Numbers of the pied flycatcher have halved in the UK since 1995 – researchers believe the birds are not breeding as prolifically as they used to because of rising temperatures. Others, like the golden plover, are in danger of extinction as traditional food sources disappear. The plover's main food source – the cranefly – cannot survive in warmer temperatures.

Experts believe the species at risk are just the tip of the iceberg. Some 9,400 bird and 2,100 butterfly species were monitored. Birds and butterflies were selected because of the vast amount of data that already exists on them – British butterfly records have been kept since the 15th century. The scientists believe other animal species are suffering in similar ways.

Scientists also found a growing gap between birds and butterflies which is having an adverse affect on birds' food supplies because many bird species depend on caterpillars as a staple food.

It was previously thought that bird and butterfly species would swiftly react to changes in climate because of their ability to fly large distances. It is not yet known how the phenomenon will affect the greater ecosystem.

Tom Brereton, head of monitoring at Butterfly Conservation, said: "All animals live in a space in which the climate is suitable. That is moving north at the moment. What we're finding is we're losing species that are associated with cooler temperatures from our butterfly communities."

Experts are now suggesting some threatened species should be moved to new climate spaces, before they become extinct.

"It's something that's never been an issue before," said Mr Brereton. "Do we let the species become extinct or could we play God a bit and move them into places they've never occurred before?"
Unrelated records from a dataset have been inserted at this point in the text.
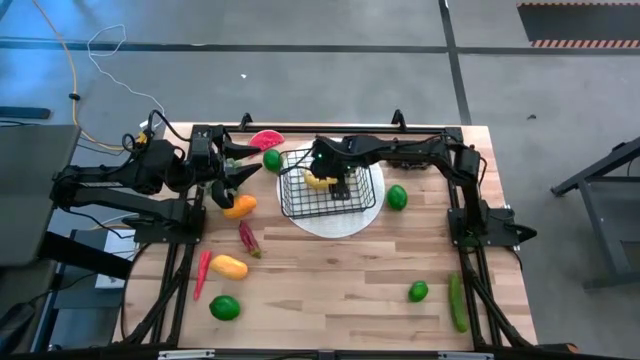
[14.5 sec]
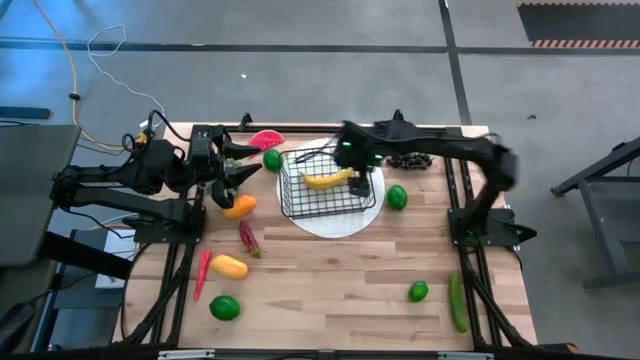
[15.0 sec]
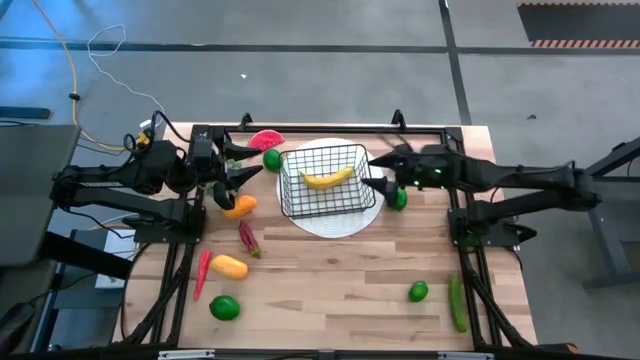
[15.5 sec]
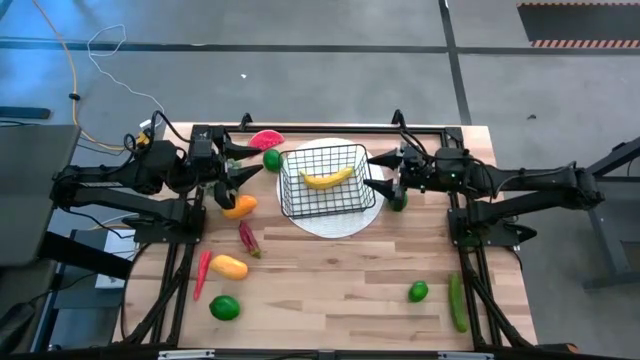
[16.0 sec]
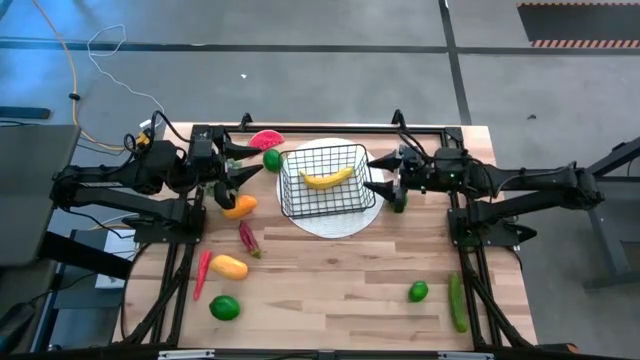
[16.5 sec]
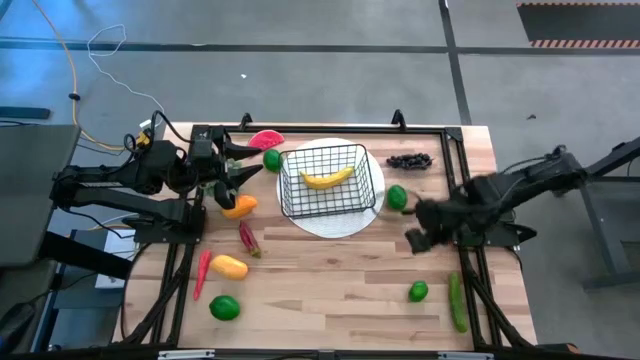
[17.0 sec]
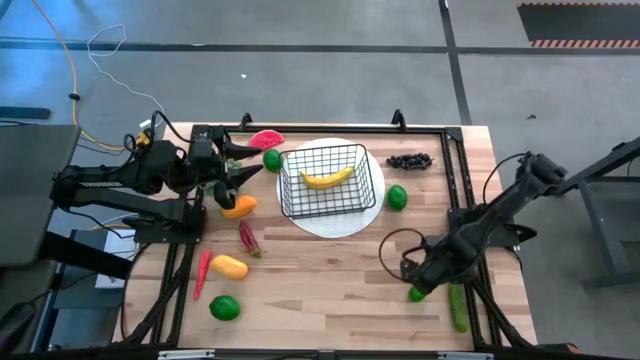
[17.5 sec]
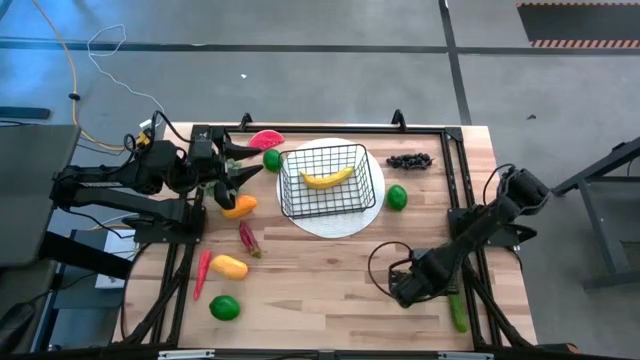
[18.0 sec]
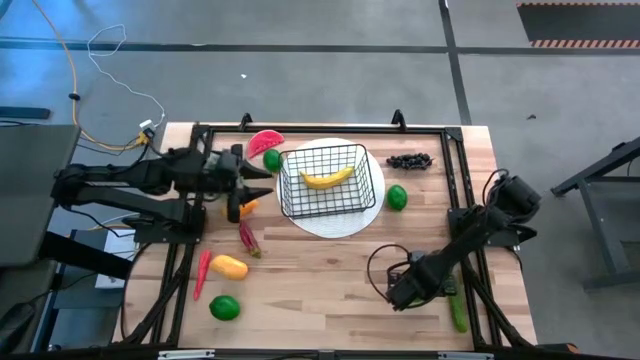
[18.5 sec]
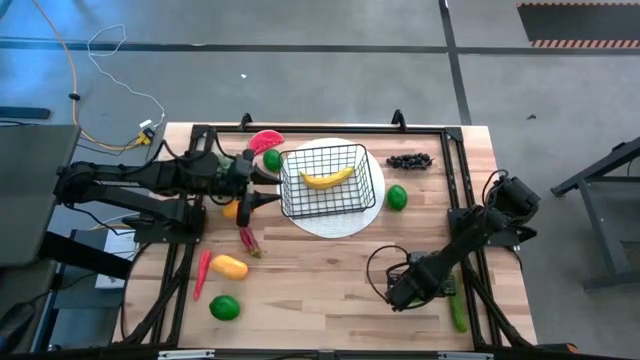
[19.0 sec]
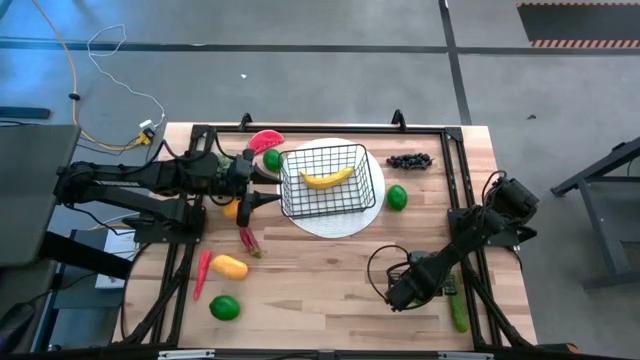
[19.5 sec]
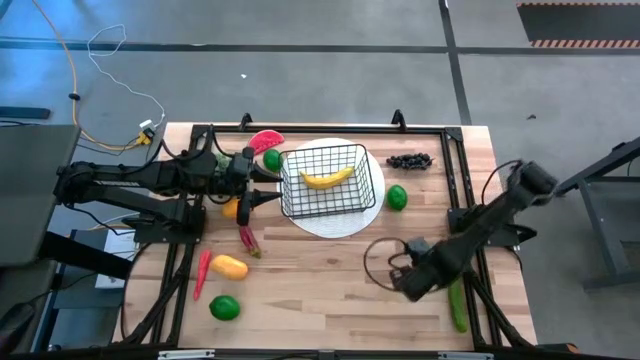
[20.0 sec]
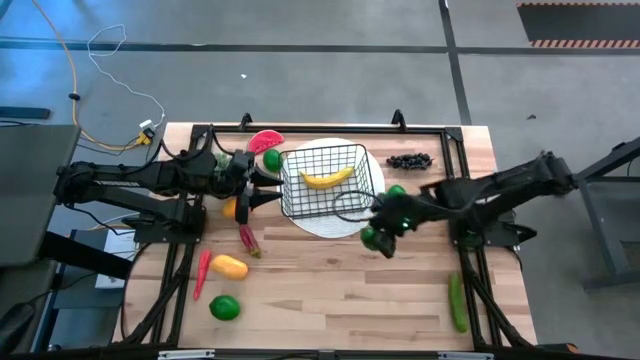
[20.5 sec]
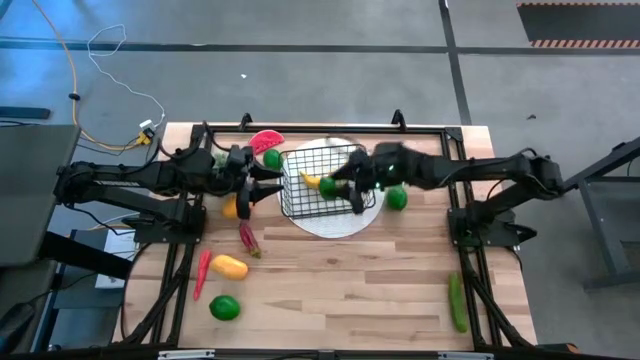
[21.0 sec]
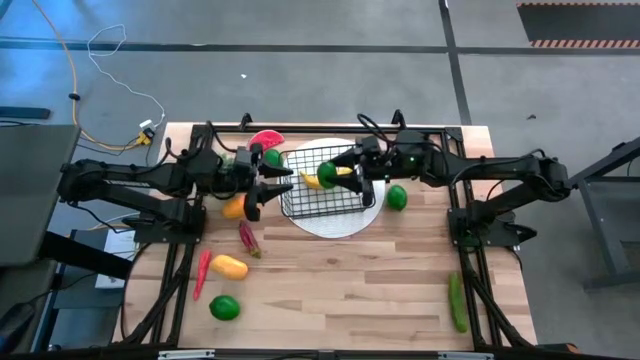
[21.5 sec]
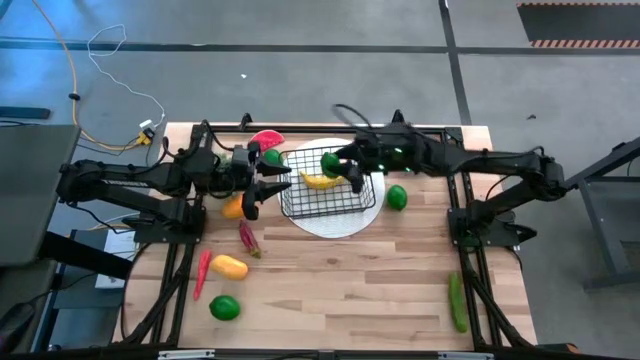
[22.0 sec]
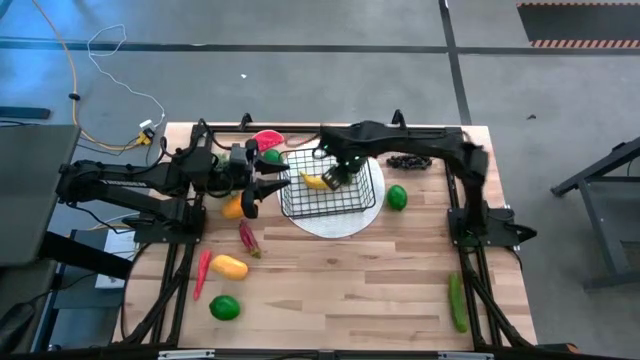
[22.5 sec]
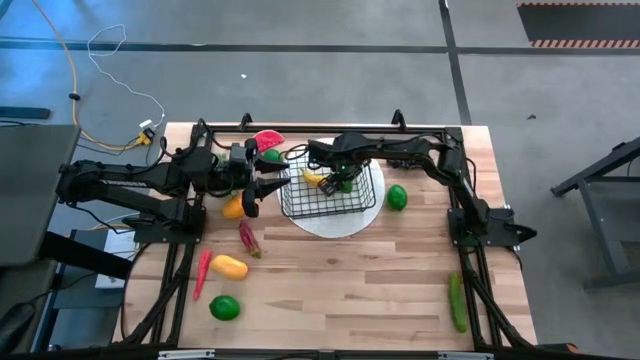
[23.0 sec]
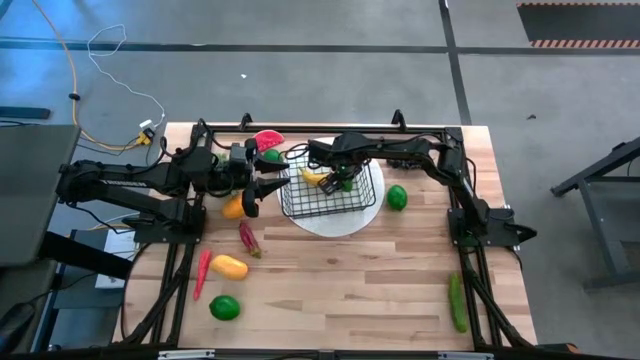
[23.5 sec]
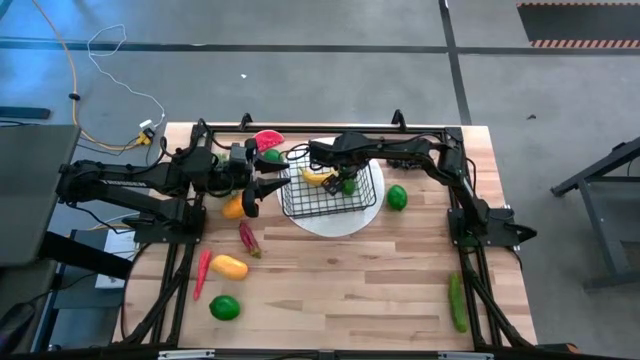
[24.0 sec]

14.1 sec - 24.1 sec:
Put the green lime into the black wire basket

James Pearce-Higgins, principal ecologist for climate change at the British Ornithological Society, said: "There are species which can suffer when the temperatures are warm, particularly some of the species that may suffer from drought. Some insects can suffer if winters are too mild – for example, if they're hibernators as adults. If it's cold and damp they can get mouldy and die. It varies very much from species to species. What this work does is very much look at a broad, overall pattern. This is the first time it has been done across Europe."